How to Analyze Malicious Microsoft Office Files

Written by Nicole Fishbein

    Share article
    FacebookTwitterLinkedInRedditCopy Link

    Top Blogs

    All the most common file types that can be used to deliver malicious code, including Microsoft Office files, are supported in Intezer Analyze. Phishing attacks are one of the most common causes of security breaches according to Verizon’s 2021 Data Breach Investigations Report. Most phishing attacks arrive via emails containing malicious attachments. A seemingly innocent Microsoft Word file, for example, can be the initial infection stage of a dangerous attack where a threat actor uses a document to deliver malware.

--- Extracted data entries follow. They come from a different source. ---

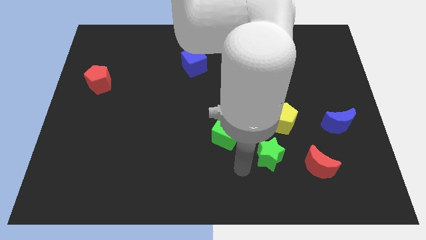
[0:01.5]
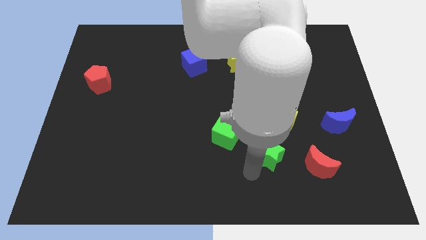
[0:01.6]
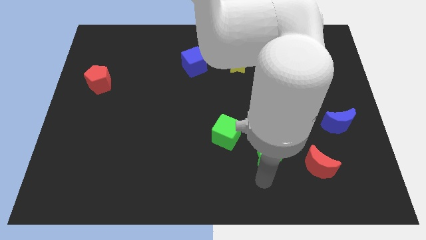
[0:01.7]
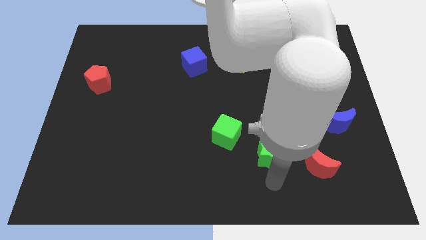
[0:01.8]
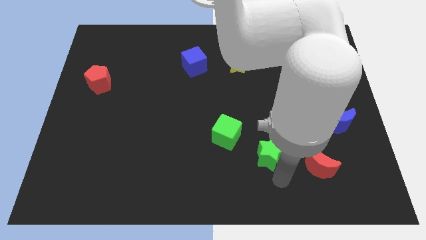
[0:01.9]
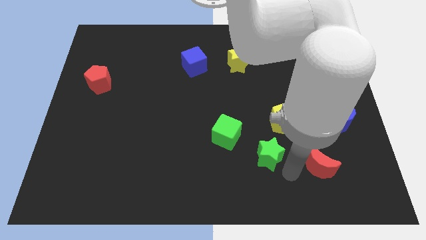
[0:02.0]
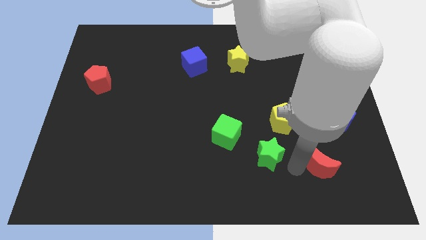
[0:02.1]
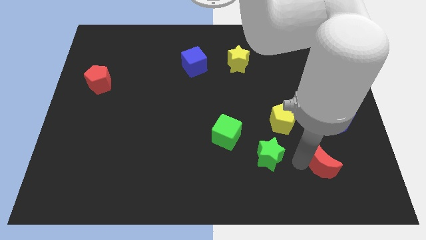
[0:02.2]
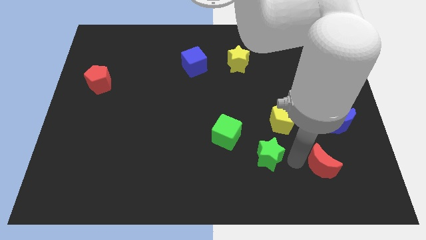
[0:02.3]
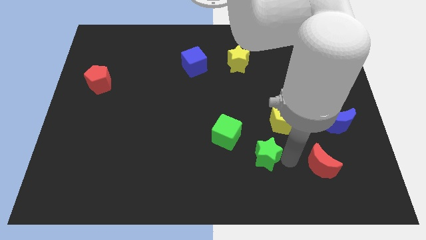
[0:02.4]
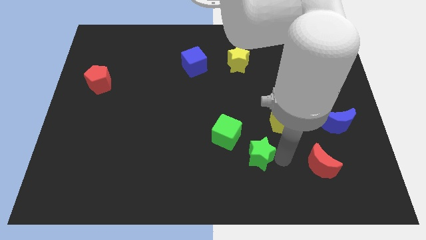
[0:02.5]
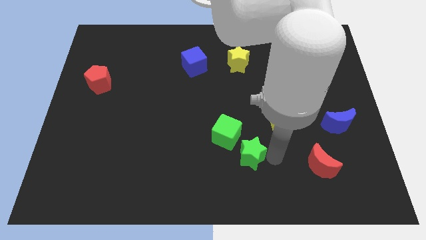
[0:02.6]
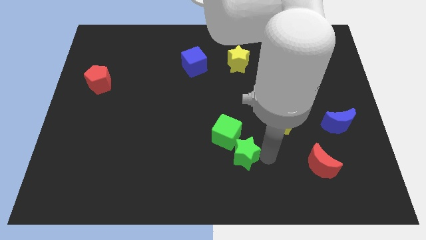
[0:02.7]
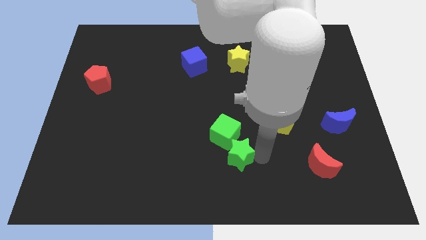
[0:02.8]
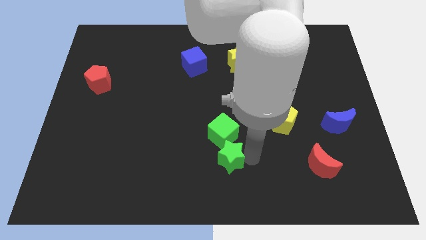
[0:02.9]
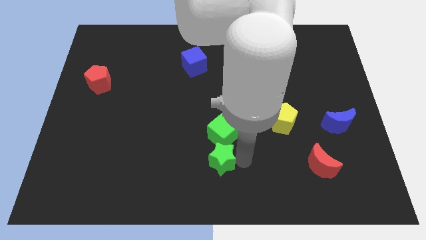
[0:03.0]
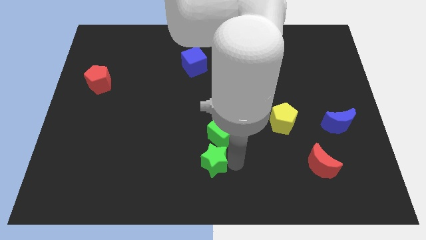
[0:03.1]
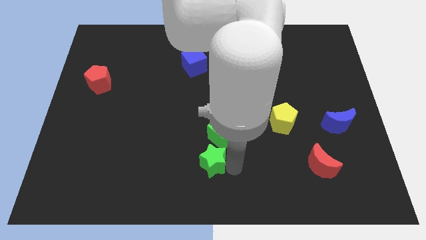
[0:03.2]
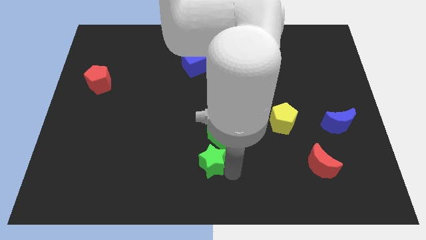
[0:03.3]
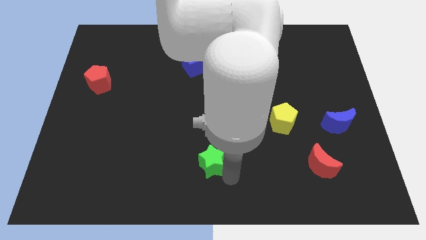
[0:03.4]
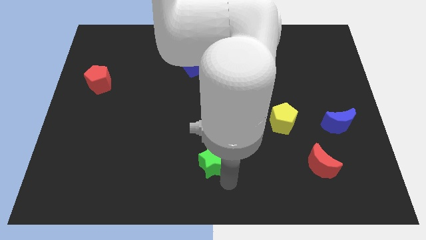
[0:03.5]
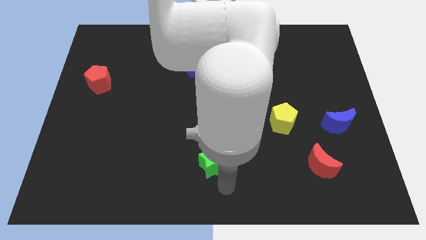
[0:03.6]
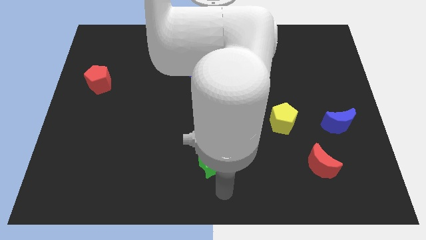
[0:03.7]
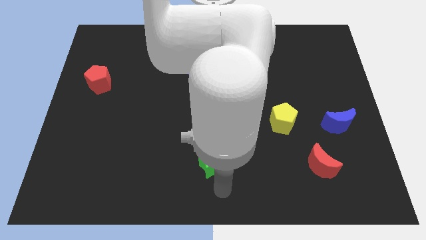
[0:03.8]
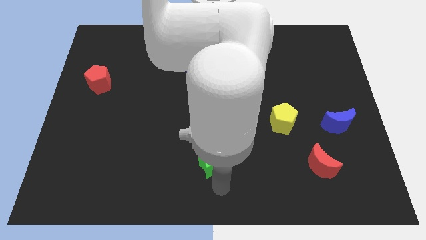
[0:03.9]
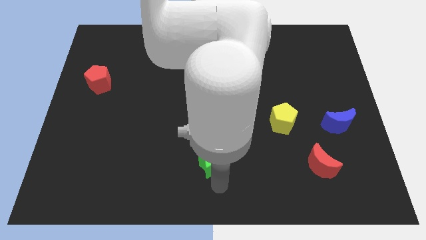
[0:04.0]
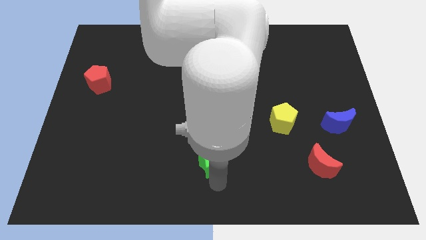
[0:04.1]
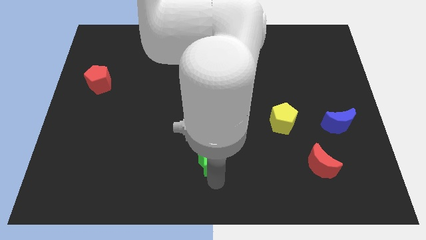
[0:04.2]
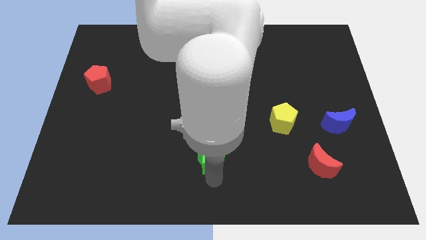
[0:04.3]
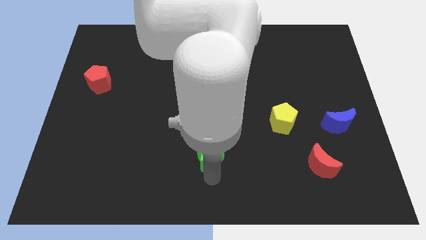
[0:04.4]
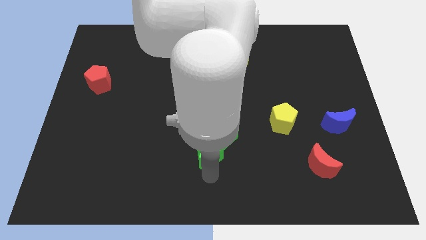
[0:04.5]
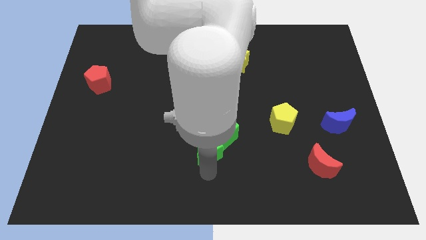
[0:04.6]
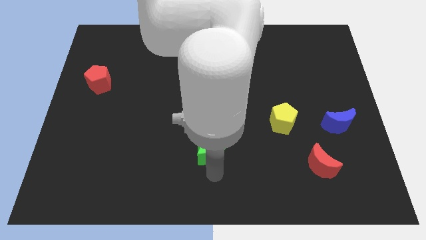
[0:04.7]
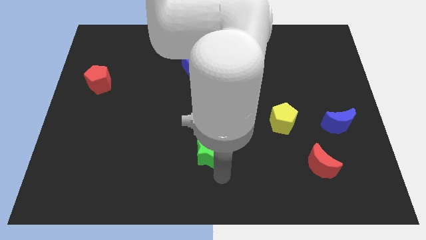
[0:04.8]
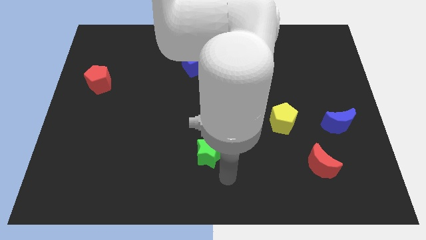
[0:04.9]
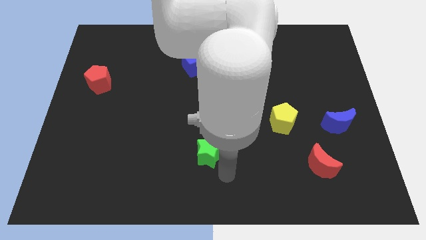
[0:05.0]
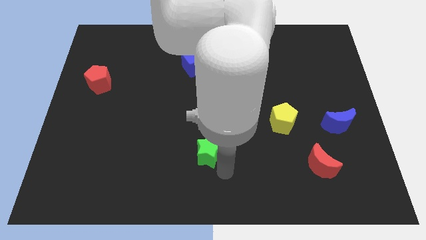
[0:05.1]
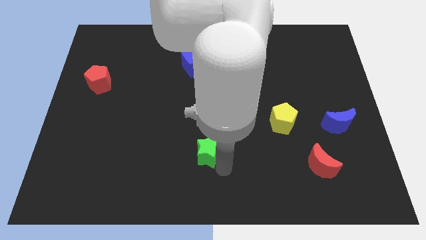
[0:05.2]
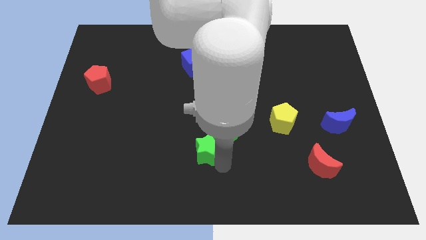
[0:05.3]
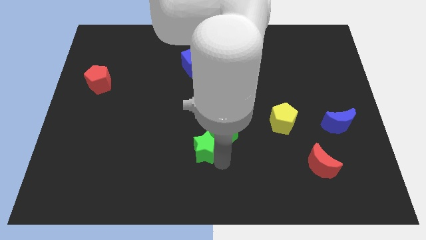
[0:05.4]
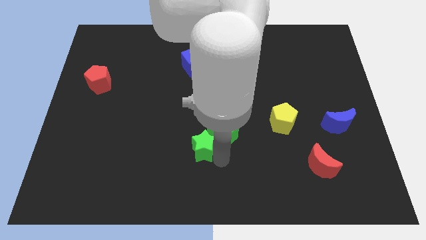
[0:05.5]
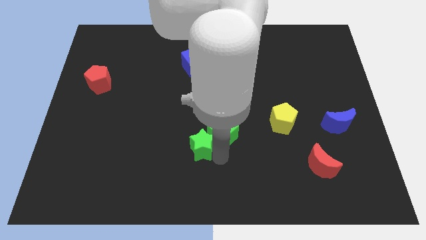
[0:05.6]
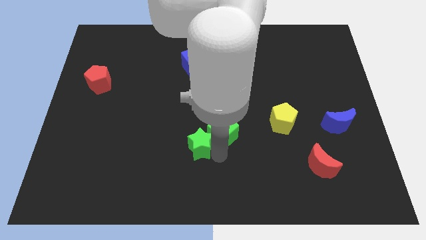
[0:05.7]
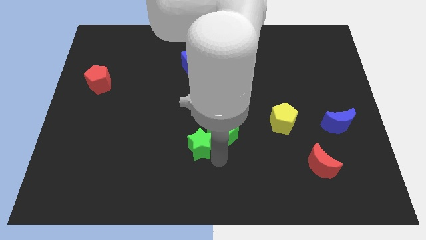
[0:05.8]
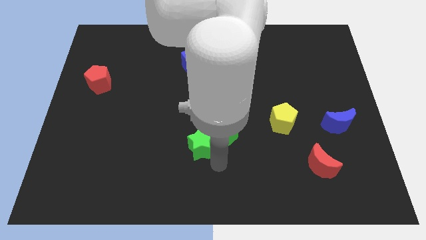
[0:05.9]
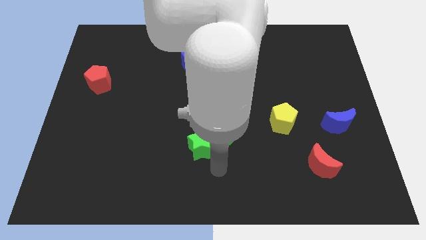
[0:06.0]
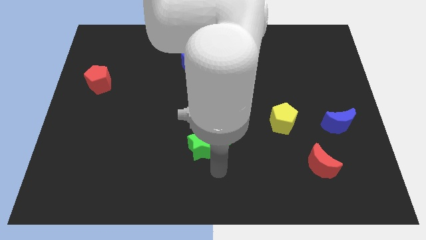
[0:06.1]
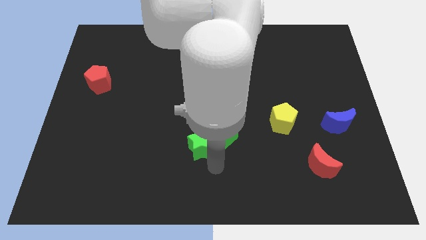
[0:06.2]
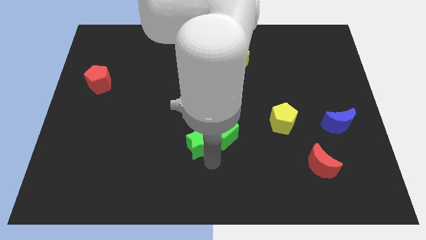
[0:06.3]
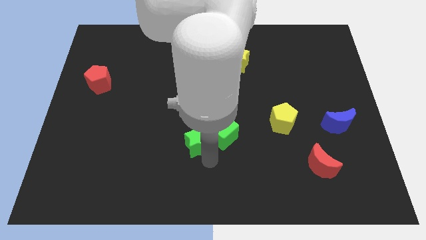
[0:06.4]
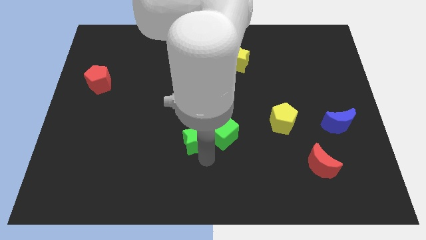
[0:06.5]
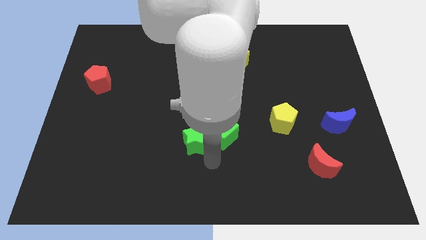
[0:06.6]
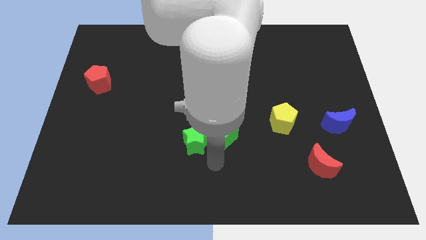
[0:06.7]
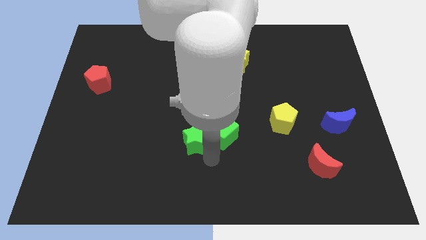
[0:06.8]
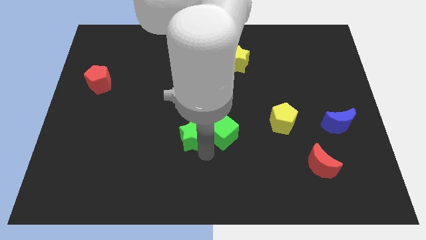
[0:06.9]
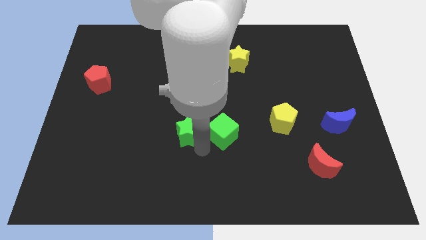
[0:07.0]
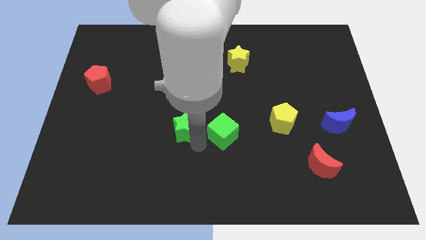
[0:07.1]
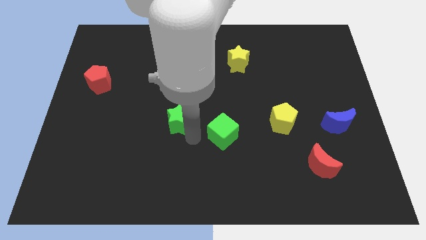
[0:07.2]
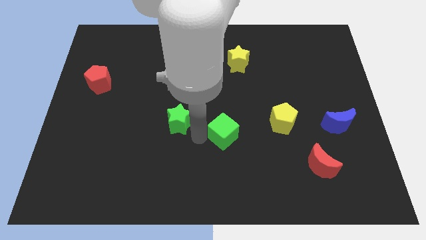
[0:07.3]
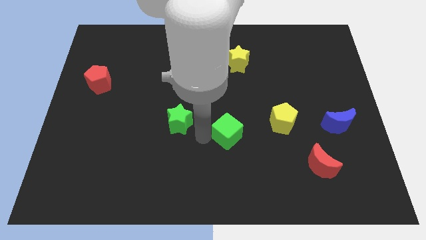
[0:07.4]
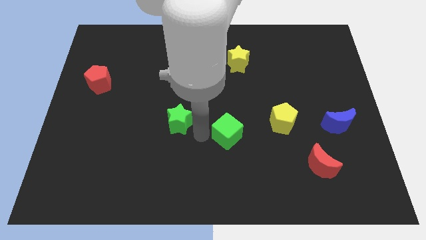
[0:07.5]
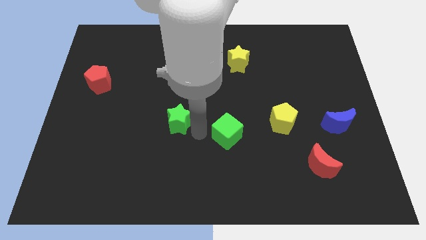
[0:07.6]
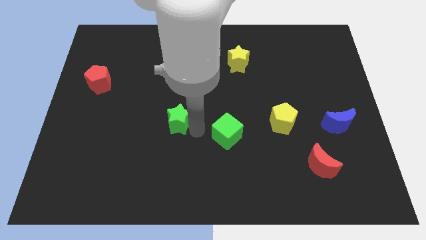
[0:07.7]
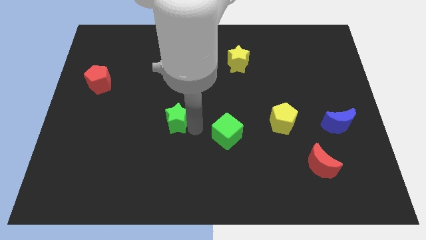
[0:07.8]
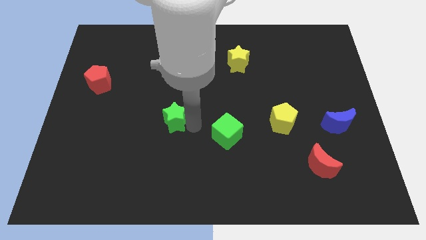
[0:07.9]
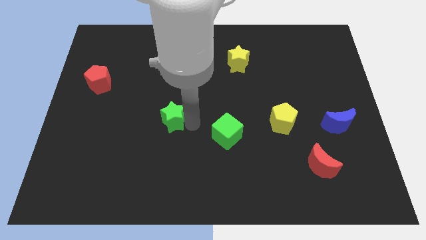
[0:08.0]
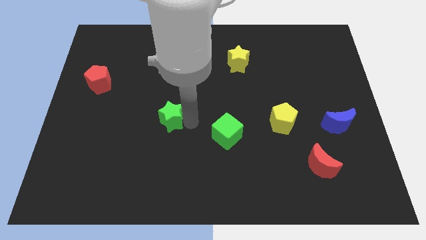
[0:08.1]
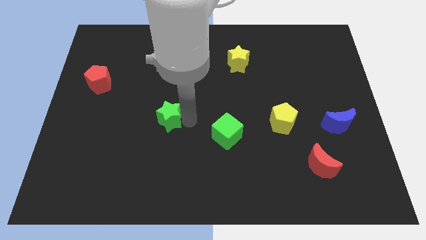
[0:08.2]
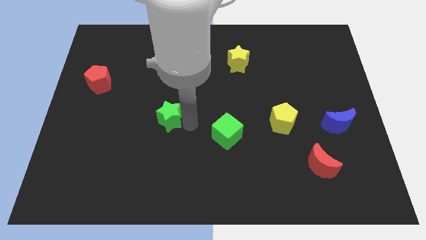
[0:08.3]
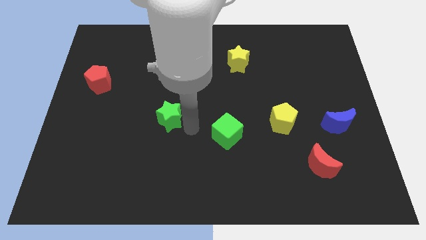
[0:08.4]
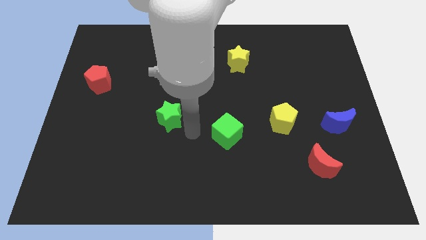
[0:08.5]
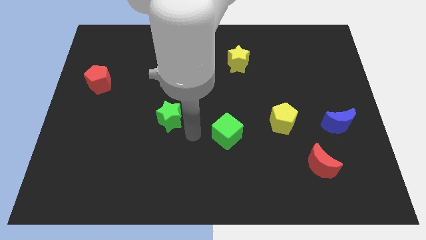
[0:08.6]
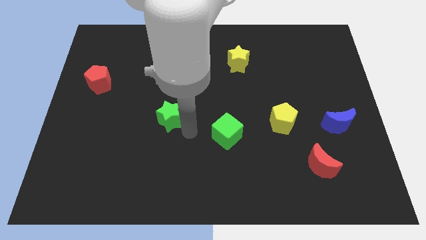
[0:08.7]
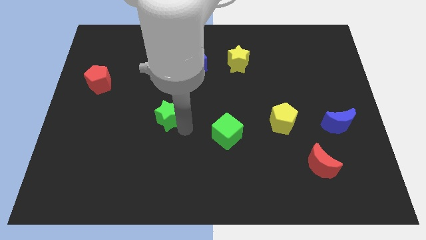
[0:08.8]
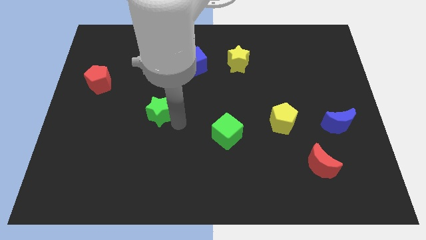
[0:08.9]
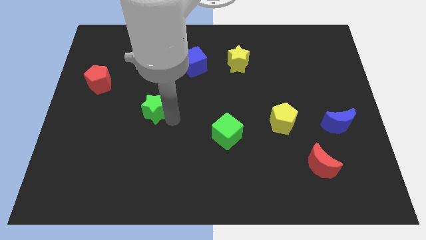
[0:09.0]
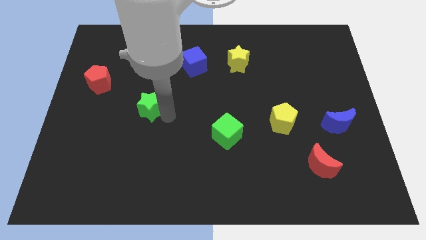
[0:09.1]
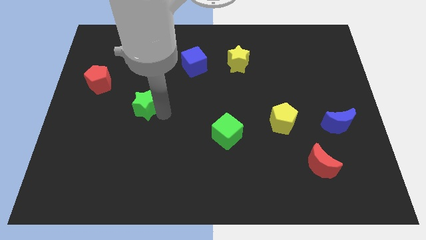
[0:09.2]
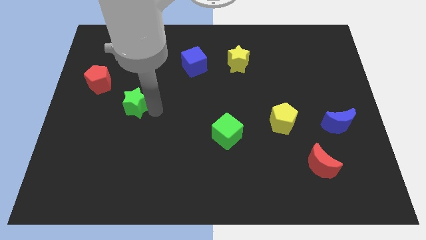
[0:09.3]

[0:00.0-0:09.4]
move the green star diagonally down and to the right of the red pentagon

    Handling Malicious Microsoft Office Files During Incident Response

    When handling a security breach, the incident response team will collect suspicious files and evidence from the compromised endpoint in order to investigate the incident. One of the challenges IR teams face is finding all of the malicious files that were used in the attack and classifying them to their relevant malware family. Binary files are usually the main suspect. We know that malicious code was executed, so we search for suspicious binary files containing this code (looking for recently installed programs, for example). Non-binary files like Microsoft Office documents should also be carefully examined because they can be the first stage of an attack that caused the malware execution to begin with. Office documents are widely used by threat actors to deliver malware. Usually, the file is attached to an email that is crafted to look like a legitimate communication. Threat actors use social engineering techniques to persuade the victim into opening the malicious attachment. In this article, we will explain the different types of Microsoft Office file formats and how attackers abuse these documents to deliver malware. You will also be presented with tools and techniques that can help you better identify and classify malicious Microsoft Office files.

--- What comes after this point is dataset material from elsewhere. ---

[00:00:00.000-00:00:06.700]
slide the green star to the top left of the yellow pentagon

    Types of Microsoft Office File Formats

    When collecting files that could be related to an incident, you might notice that many files contain various extensions (.txt, .dotm, .zip, .docx, .pdf) which belong to different applications. For the purpose of this blog, we will focus on the three main types of file formats in Microsoft Office: Word, Excel, and PowerPoint. First, let’s explain the structure of these files and how they differ from one another.

    Object Linking and Embedding (OLE)

    OLE2 format was used in Microsoft Word 97–2003 documents and other Microsoft products such as Outlook messages. The well-known file extensions .doc, .xls and .ppt are all file types based on the OLE format. An OLE file is a compound file and it is structured as a file system within a file. OLE files are formatted as ZIP and the contents of the file can be viewed using oledir utility (this is part of oletools which will be explained later in this post). The OLE file contains:
    • Streams of data where each stream has a name. A file must contain at least one stream. For example, for Word documents, it is mandatory to contain a stream called WordDocument, which is the main stream that contains the document text.
    • Storages that contain streams or other storages.
    • Properties that are streams containing information about the document, such as author, title, creation, and modification date. Property streams always start with x05.

    Layout of an OLE file as presented by oldedir utility, showing the macros storage, main stream, and properties.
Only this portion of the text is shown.